(Excerpts from a dataset)
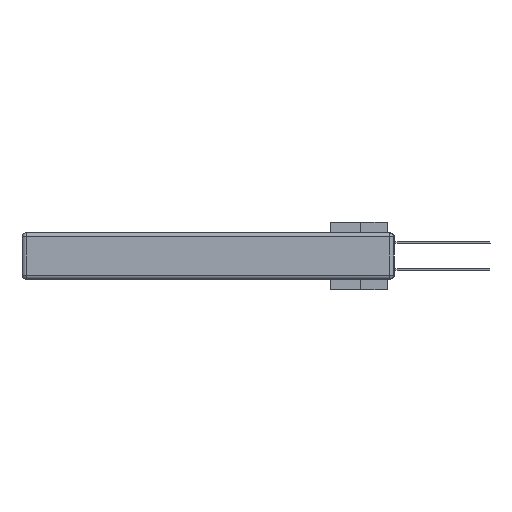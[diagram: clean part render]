
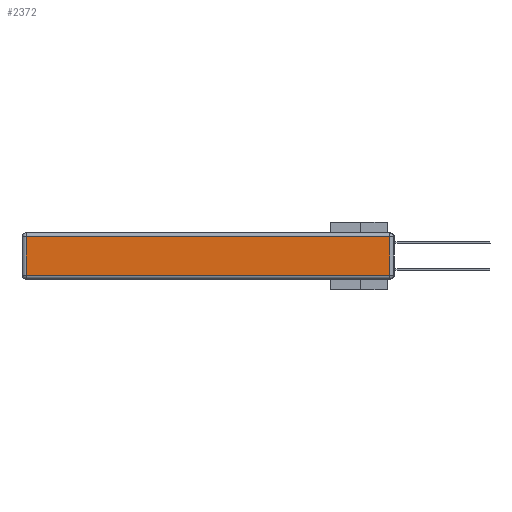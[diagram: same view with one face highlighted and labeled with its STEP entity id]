
A CAD part, left-side view. The second image highlights one B-rep face of the part: STEP entity #2372.
In plain terms, the highlighted planar face has unit normal (-1, 0, 0).
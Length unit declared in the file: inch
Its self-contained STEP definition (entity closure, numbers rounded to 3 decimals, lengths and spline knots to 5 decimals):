
#841 = VECTOR ( 'NONE', #17886, 39.37008 ) ;
#1999 = ORIENTED_EDGE ( 'NONE', *, *, #22393, .T. ) ;
#2131 = CARTESIAN_POINT ( 'NONE',  ( 0., 2.72, -0.313 ) ) ;
#2245 = EDGE_CURVE ( 'NONE', #22942, #15370, #6760, .T. ) ;
#2372 = ADVANCED_FACE ( 'NONE', ( #21594 ), #29246, .T. ) ;
#2664 = DIRECTION ( 'NONE',  ( -1., 0., 0. ) ) ;
#3150 = LINE ( 'NONE', #3296, #15268 ) ;
#3253 = VECTOR ( 'NONE', #22608, 39.37008 ) ;
#3296 = CARTESIAN_POINT ( 'NONE',  ( 0., 0., -0.313 ) ) ;
#4227 = EDGE_LOOP ( 'NONE', ( #1999, #27557, #5763, #22383 ) ) ;
#4946 = EDGE_CURVE ( 'NONE', #13157, #22942, #29490, .T. ) ;
#5763 = ORIENTED_EDGE ( 'NONE', *, *, #4946, .T. ) ;
#6760 = LINE ( 'NONE', #25992, #15055 ) ;
#10763 = CARTESIAN_POINT ( 'NONE',  ( 0., 2.72, -0.03 ) ) ;
#11822 = VERTEX_POINT ( 'NONE', #29498 ) ;
#13157 = VERTEX_POINT ( 'NONE', #20575 ) ;
#14704 = DIRECTION ( 'NONE',  ( 0., 0., 1. ) ) ;
#15055 = VECTOR ( 'NONE', #16275, 39.37008 ) ;
#15114 = AXIS2_PLACEMENT_3D ( 'NONE', #28939, #2664, #14704 ) ;
#15236 = CARTESIAN_POINT ( 'NONE',  ( 0., 2.75, -0.03 ) ) ;
#15268 = VECTOR ( 'NONE', #15322, 39.37008 ) ;
#15322 = DIRECTION ( 'NONE',  ( 0., -1., 0. ) ) ;
#15370 = VERTEX_POINT ( 'NONE', #2131 ) ;
#16275 = DIRECTION ( 'NONE',  ( 0., 0., -1. ) ) ;
#17886 = DIRECTION ( 'NONE',  ( 0., 1., 0. ) ) ;
#20101 = LINE ( 'NONE', #24966, #3253 ) ;
#20575 = CARTESIAN_POINT ( 'NONE',  ( 0., 0.03, -0.03 ) ) ;
#21594 = FACE_OUTER_BOUND ( 'NONE', #4227, .T. ) ;
#21595 = EDGE_CURVE ( 'NONE', #11822, #13157, #20101, .T. ) ;
#22383 = ORIENTED_EDGE ( 'NONE', *, *, #2245, .T. ) ;
#22393 = EDGE_CURVE ( 'NONE', #15370, #11822, #3150, .T. ) ;
#22608 = DIRECTION ( 'NONE',  ( 0., 0., 1. ) ) ;
#22942 = VERTEX_POINT ( 'NONE', #10763 ) ;
#24966 = CARTESIAN_POINT ( 'NONE',  ( 0., 0.03, -0.343 ) ) ;
#25992 = CARTESIAN_POINT ( 'NONE',  ( 0., 2.72, -0.343 ) ) ;
#27557 = ORIENTED_EDGE ( 'NONE', *, *, #21595, .T. ) ;
#28939 = CARTESIAN_POINT ( 'NONE',  ( 0., 0., -0.343 ) ) ;
#29246 = PLANE ( 'NONE',  #15114 ) ;
#29490 = LINE ( 'NONE', #15236, #841 ) ;
#29498 = CARTESIAN_POINT ( 'NONE',  ( 0., 0.03, -0.313 ) ) ;
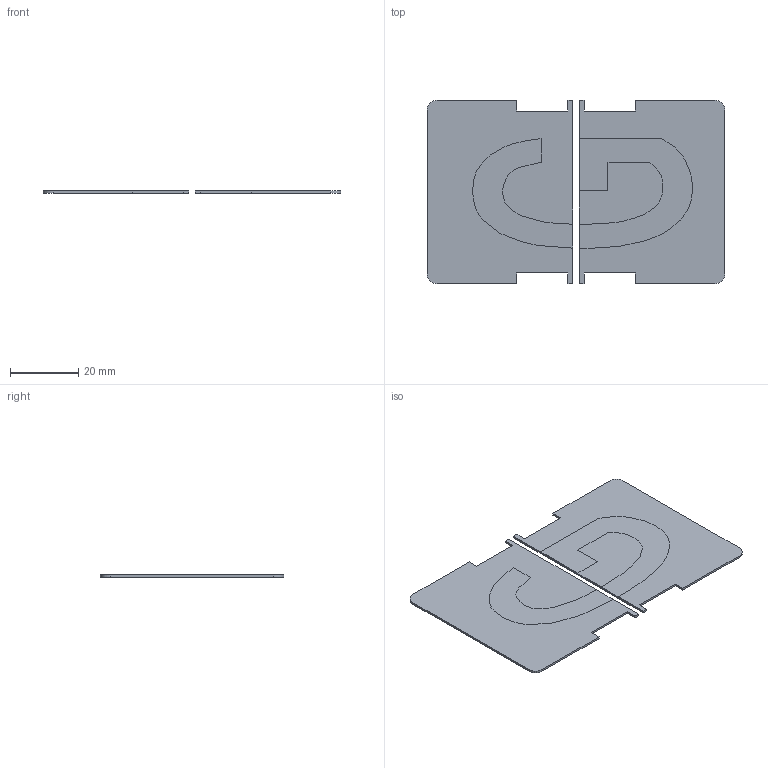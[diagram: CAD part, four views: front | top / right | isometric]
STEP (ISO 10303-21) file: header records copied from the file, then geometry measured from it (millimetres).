
FILE_DESCRIPTION(/* description */ (''),/* implementation_level */ '2;1');
FILE_NAME(/* name */ 'Flap FGH.step',/* time_stamp */ '2021-09-18T09:21:59+12:00',/* author */ (''),/* organization */ (''),/* preprocessor_version */ 'ST-DEVELOPER v18.1',/* originating_system */ 'Autodesk Translation Framework v10.10.0.1391',/* authorisation */ '');
FILE_SCHEMA (('AUTOMOTIVE_DESIGN { 1 0 10303 214 3 1 1 }'));
Length unit declared in the file: millimetre
Products named in the file (1): Flap FGH
Bounding box: 87.6 x 54 x 0.6 mm (x, y, z)
Volume: 2653.6 mm3; surface area: 13178.6 mm2
Topology: 6 solids, 6 shells, 122 faces, 330 edges, 220 vertices
Faces by surface type: plane 88, bspline 30, cylinder 4
Entity records: 4416 total; most frequent: CARTESIAN_POINT 1503, ORIENTED_EDGE 660, DIRECTION 460, EDGE_CURVE 330, LINE 258, VECTOR 258, VERTEX_POINT 220, FACE_OUTER_BOUND 122
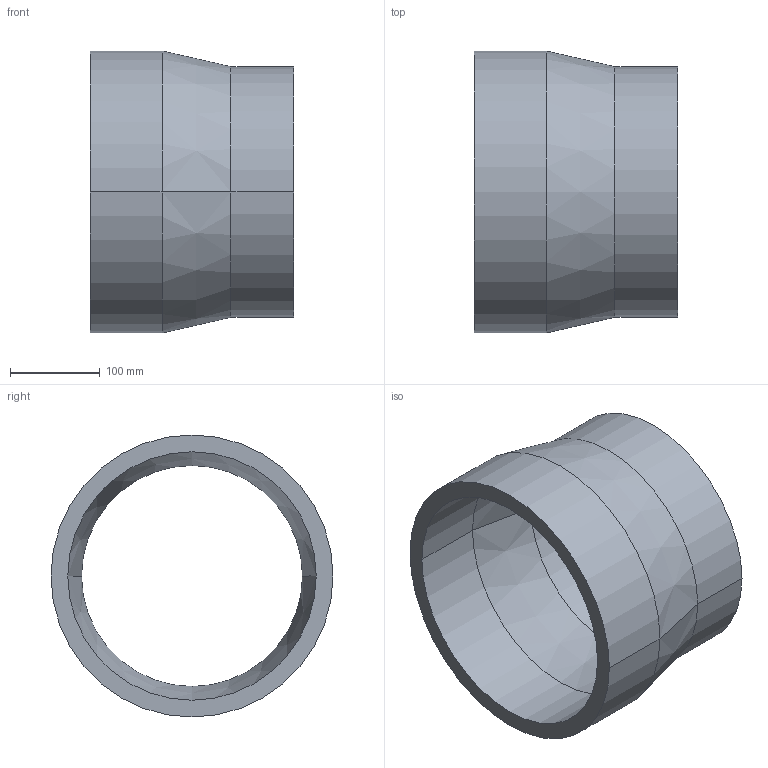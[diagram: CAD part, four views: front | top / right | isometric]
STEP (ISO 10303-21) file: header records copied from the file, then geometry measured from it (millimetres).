
FILE_DESCRIPTION( ( '' ), '1' );
FILE_NAME( 'AGRU_25009312817_PE_100_schwarz_Reduktion_konzentrisch_315_280__SDR17__ISO_S-8_05.stp', '2018-01-02T09:47:10', ( '' ), ( '' ), ' ', ' ', ' ' );
FILE_SCHEMA( ( 'automotive_design' ) );
Length unit declared in the file: millimetre
Products named in the file (1): 1
Bounding box: 227 x 315 x 315 mm (x, y, z)
Volume: 3550342.4 mm3; surface area: 434413.6 mm2
Topology: 1 solids, 1 shells, 14 faces, 28 edges, 16 vertices
Faces by surface type: cylinder 8, cone 4, plane 2
Entity records: 724 total; most frequent: DIRECTION 74, STYLED_ITEM 59, PRESENTATION_STYLE_ASSIGNMENT 59, CARTESIAN_POINT 59, COLOUR_RGB 59, ORIENTED_EDGE 56, AXIS2_PLACEMENT_3D 31, EDGE_CURVE 28

= What the exercise asks =
Once the pictures are set aside, reproduce the records in full and exactly.

= Written reply =
[diagram: clean part render]
[diagram: same view with one face highlighted and labeled with its STEP entity id]
A CAD part, left-side view. The second image highlights one B-rep face of the part: STEP entity #2372.
In plain terms, the highlighted planar face has unit normal (-1, 0, 0).
Length unit declared in the file: inch
Its self-contained STEP definition (entity closure, numbers rounded to 3 decimals, lengths and spline knots to 5 decimals):
#841 = VECTOR ( 'NONE', #17886, 39.37008 ) ;
#1999 = ORIENTED_EDGE ( 'NONE', *, *, #22393, .T. ) ;
#2131 = CARTESIAN_POINT ( 'NONE',  ( 0., 2.72, -0.313 ) ) ;
#2245 = EDGE_CURVE ( 'NONE', #22942, #15370, #6760, .T. ) ;
#2372 = ADVANCED_FACE ( 'NONE', ( #21594 ), #29246, .T. ) ;
#2664 = DIRECTION ( 'NONE',  ( -1., 0., 0. ) ) ;
#3150 = LINE ( 'NONE', #3296, #15268 ) ;
#3253 = VECTOR ( 'NONE', #22608, 39.37008 ) ;
#3296 = CARTESIAN_POINT ( 'NONE',  ( 0., 0., -0.313 ) ) ;
#4227 = EDGE_LOOP ( 'NONE', ( #1999, #27557, #5763, #22383 ) ) ;
#4946 = EDGE_CURVE ( 'NONE', #13157, #22942, #29490, .T. ) ;
#5763 = ORIENTED_EDGE ( 'NONE', *, *, #4946, .T. ) ;
#6760 = LINE ( 'NONE', #25992, #15055 ) ;
#10763 = CARTESIAN_POINT ( 'NONE',  ( 0., 2.72, -0.03 ) ) ;
#11822 = VERTEX_POINT ( 'NONE', #29498 ) ;
#13157 = VERTEX_POINT ( 'NONE', #20575 ) ;
#14704 = DIRECTION ( 'NONE',  ( 0., 0., 1. ) ) ;
#15055 = VECTOR ( 'NONE', #16275, 39.37008 ) ;
#15114 = AXIS2_PLACEMENT_3D ( 'NONE', #28939, #2664, #14704 ) ;
#15236 = CARTESIAN_POINT ( 'NONE',  ( 0., 2.75, -0.03 ) ) ;
#15268 = VECTOR ( 'NONE', #15322, 39.37008 ) ;
#15322 = DIRECTION ( 'NONE',  ( 0., -1., 0. ) ) ;
#15370 = VERTEX_POINT ( 'NONE', #2131 ) ;
#16275 = DIRECTION ( 'NONE',  ( 0., 0., -1. ) ) ;
#17886 = DIRECTION ( 'NONE',  ( 0., 1., 0. ) ) ;
#20101 = LINE ( 'NONE', #24966, #3253 ) ;
#20575 = CARTESIAN_POINT ( 'NONE',  ( 0., 0.03, -0.03 ) ) ;
#21594 = FACE_OUTER_BOUND ( 'NONE', #4227, .T. ) ;
#21595 = EDGE_CURVE ( 'NONE', #11822, #13157, #20101, .T. ) ;
#22383 = ORIENTED_EDGE ( 'NONE', *, *, #2245, .T. ) ;
#22393 = EDGE_CURVE ( 'NONE', #15370, #11822, #3150, .T. ) ;
#22608 = DIRECTION ( 'NONE',  ( 0., 0., 1. ) ) ;
#22942 = VERTEX_POINT ( 'NONE', #10763 ) ;
#24966 = CARTESIAN_POINT ( 'NONE',  ( 0., 0.03, -0.343 ) ) ;
#25992 = CARTESIAN_POINT ( 'NONE',  ( 0., 2.72, -0.343 ) ) ;
#27557 = ORIENTED_EDGE ( 'NONE', *, *, #21595, .T. ) ;
#28939 = CARTESIAN_POINT ( 'NONE',  ( 0., 0., -0.343 ) ) ;
#29246 = PLANE ( 'NONE',  #15114 ) ;
#29490 = LINE ( 'NONE', #15236, #841 ) ;
#29498 = CARTESIAN_POINT ( 'NONE',  ( 0., 0.03, -0.313 ) ) ;
[diagram: CAD part, four views: front | top / right | isometric]
STEP (ISO 10303-21) file: header records copied from the file, then geometry measured from it (millimetres).
FILE_DESCRIPTION(/* description */ (''),/* implementation_level */ '2;1');
FILE_NAME(/* name */ 'Flap FGH.step',/* time_stamp */ '2021-09-18T09:21:59+12:00',/* author */ (''),/* organization */ (''),/* preprocessor_version */ 'ST-DEVELOPER v18.1',/* originating_system */ 'Autodesk Translation Framework v10.10.0.1391',/* authorisation */ '');
FILE_SCHEMA (('AUTOMOTIVE_DESIGN { 1 0 10303 214 3 1 1 }'));
Length unit declared in the file: millimetre
Products named in the file (1): Flap FGH
Bounding box: 87.6 x 54 x 0.6 mm (x, y, z)
Volume: 2653.6 mm3; surface area: 13178.6 mm2
Topology: 6 solids, 6 shells, 122 faces, 330 edges, 220 vertices
Faces by surface type: plane 88, bspline 30, cylinder 4
Entity records: 4416 total; most frequent: CARTESIAN_POINT 1503, ORIENTED_EDGE 660, DIRECTION 460, EDGE_CURVE 330, LINE 258, VECTOR 258, VERTEX_POINT 220, FACE_OUTER_BOUND 122
[diagram: CAD part, four views: front | top / right | isometric]
STEP (ISO 10303-21) file: header records copied from the file, then geometry measured from it (millimetres).
FILE_DESCRIPTION( ( '' ), '1' );
FILE_NAME( 'AGRU_25009312817_PE_100_schwarz_Reduktion_konzentrisch_315_280__SDR17__ISO_S-8_05.stp', '2018-01-02T09:47:10', ( '' ), ( '' ), ' ', ' ', ' ' );
FILE_SCHEMA( ( 'automotive_design' ) );
Length unit declared in the file: millimetre
Products named in the file (1): 1
Bounding box: 227 x 315 x 315 mm (x, y, z)
Volume: 3550342.4 mm3; surface area: 434413.6 mm2
Topology: 1 solids, 1 shells, 14 faces, 28 edges, 16 vertices
Faces by surface type: cylinder 8, cone 4, plane 2
Entity records: 724 total; most frequent: DIRECTION 74, STYLED_ITEM 59, PRESENTATION_STYLE_ASSIGNMENT 59, CARTESIAN_POINT 59, COLOUR_RGB 59, ORIENTED_EDGE 56, AXIS2_PLACEMENT_3D 31, EDGE_CURVE 28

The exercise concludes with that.